=== What you should do ===
The expected result is every line of the records, printed exactly.

*** Opening Data extract ***

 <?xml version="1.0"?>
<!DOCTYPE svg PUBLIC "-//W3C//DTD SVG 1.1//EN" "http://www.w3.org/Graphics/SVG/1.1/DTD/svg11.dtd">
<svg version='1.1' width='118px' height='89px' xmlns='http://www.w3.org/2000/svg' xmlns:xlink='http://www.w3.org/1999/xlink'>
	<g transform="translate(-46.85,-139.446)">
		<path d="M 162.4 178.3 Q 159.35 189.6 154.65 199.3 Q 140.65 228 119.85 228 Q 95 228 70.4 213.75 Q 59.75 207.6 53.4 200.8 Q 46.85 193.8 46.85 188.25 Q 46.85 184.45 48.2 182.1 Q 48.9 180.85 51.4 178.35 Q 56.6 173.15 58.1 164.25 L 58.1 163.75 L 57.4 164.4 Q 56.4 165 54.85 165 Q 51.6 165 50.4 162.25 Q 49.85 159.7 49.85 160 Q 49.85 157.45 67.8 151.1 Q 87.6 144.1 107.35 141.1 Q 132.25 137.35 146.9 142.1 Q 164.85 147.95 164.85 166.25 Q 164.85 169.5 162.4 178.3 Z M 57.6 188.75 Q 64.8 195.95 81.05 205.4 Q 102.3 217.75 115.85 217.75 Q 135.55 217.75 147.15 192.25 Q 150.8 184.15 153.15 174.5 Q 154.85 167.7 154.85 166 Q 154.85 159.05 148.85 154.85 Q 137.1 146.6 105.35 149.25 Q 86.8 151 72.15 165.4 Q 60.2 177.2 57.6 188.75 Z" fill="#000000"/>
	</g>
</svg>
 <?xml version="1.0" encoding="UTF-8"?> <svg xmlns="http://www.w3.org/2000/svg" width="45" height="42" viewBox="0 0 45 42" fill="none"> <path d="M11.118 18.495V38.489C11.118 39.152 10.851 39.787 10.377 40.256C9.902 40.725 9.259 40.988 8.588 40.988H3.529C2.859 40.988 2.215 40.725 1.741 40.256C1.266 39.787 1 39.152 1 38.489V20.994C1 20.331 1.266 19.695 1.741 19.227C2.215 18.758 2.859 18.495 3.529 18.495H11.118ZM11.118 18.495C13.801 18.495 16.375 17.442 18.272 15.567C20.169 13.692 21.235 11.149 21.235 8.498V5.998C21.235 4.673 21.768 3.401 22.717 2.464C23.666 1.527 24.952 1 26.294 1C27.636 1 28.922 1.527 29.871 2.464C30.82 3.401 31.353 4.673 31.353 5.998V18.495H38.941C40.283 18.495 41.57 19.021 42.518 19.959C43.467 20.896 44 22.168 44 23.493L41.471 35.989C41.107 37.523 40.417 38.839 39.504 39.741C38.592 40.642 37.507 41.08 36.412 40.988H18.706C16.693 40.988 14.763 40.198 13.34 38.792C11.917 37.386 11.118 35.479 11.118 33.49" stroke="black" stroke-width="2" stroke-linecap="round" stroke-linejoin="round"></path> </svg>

*** Closing Data extract ***

=== Answer to the exercise ===
 <?xml version="1.0"?>
<!DOCTYPE svg PUBLIC "-//W3C//DTD SVG 1.1//EN" "http://www.w3.org/Graphics/SVG/1.1/DTD/svg11.dtd">
<svg version='1.1' width='118px' height='89px' xmlns='http://www.w3.org/2000/svg' xmlns:xlink='http://www.w3.org/1999/xlink'>
	<g transform="translate(-46.85,-139.446)">
		<path d="M 162.4 178.3 Q 159.35 189.6 154.65 199.3 Q 140.65 228 119.85 228 Q 95 228 70.4 213.75 Q 59.75 207.6 53.4 200.8 Q 46.85 193.8 46.85 188.25 Q 46.85 184.45 48.2 182.1 Q 48.9 180.85 51.4 178.35 Q 56.6 173.15 58.1 164.25 L 58.1 163.75 L 57.4 164.4 Q 56.4 165 54.85 165 Q 51.6 165 50.4 162.25 Q 49.85 159.7 49.85 160 Q 49.85 157.45 67.8 151.1 Q 87.6 144.1 107.35 141.1 Q 132.25 137.35 146.9 142.1 Q 164.85 147.95 164.85 166.25 Q 164.85 169.5 162.4 178.3 Z M 57.6 188.75 Q 64.8 195.95 81.05 205.4 Q 102.3 217.75 115.85 217.75 Q 135.55 217.75 147.15 192.25 Q 150.8 184.15 153.15 174.5 Q 154.85 167.7 154.85 166 Q 154.85 159.05 148.85 154.85 Q 137.1 146.6 105.35 149.25 Q 86.8 151 72.15 165.4 Q 60.2 177.2 57.6 188.75 Z" fill="#000000"/>
	</g>
</svg>
 <?xml version="1.0" encoding="UTF-8"?> <svg xmlns="http://www.w3.org/2000/svg" width="45" height="42" viewBox="0 0 45 42" fill="none"> <path d="M11.118 18.495V38.489C11.118 39.152 10.851 39.787 10.377 40.256C9.902 40.725 9.259 40.988 8.588 40.988H3.529C2.859 40.988 2.215 40.725 1.741 40.256C1.266 39.787 1 39.152 1 38.489V20.994C1 20.331 1.266 19.695 1.741 19.227C2.215 18.758 2.859 18.495 3.529 18.495H11.118ZM11.118 18.495C13.801 18.495 16.375 17.442 18.272 15.567C20.169 13.692 21.235 11.149 21.235 8.498V5.998C21.235 4.673 21.768 3.401 22.717 2.464C23.666 1.527 24.952 1 26.294 1C27.636 1 28.922 1.527 29.871 2.464C30.82 3.401 31.353 4.673 31.353 5.998V18.495H38.941C40.283 18.495 41.57 19.021 42.518 19.959C43.467 20.896 44 22.168 44 23.493L41.471 35.989C41.107 37.523 40.417 38.839 39.504 39.741C38.592 40.642 37.507 41.08 36.412 40.988H18.706C16.693 40.988 14.763 40.198 13.34 38.792C11.917 37.386 11.118 35.479 11.118 33.49" stroke="black" stroke-width="2" stroke-linecap="round" stroke-linejoin="round"></path> </svg>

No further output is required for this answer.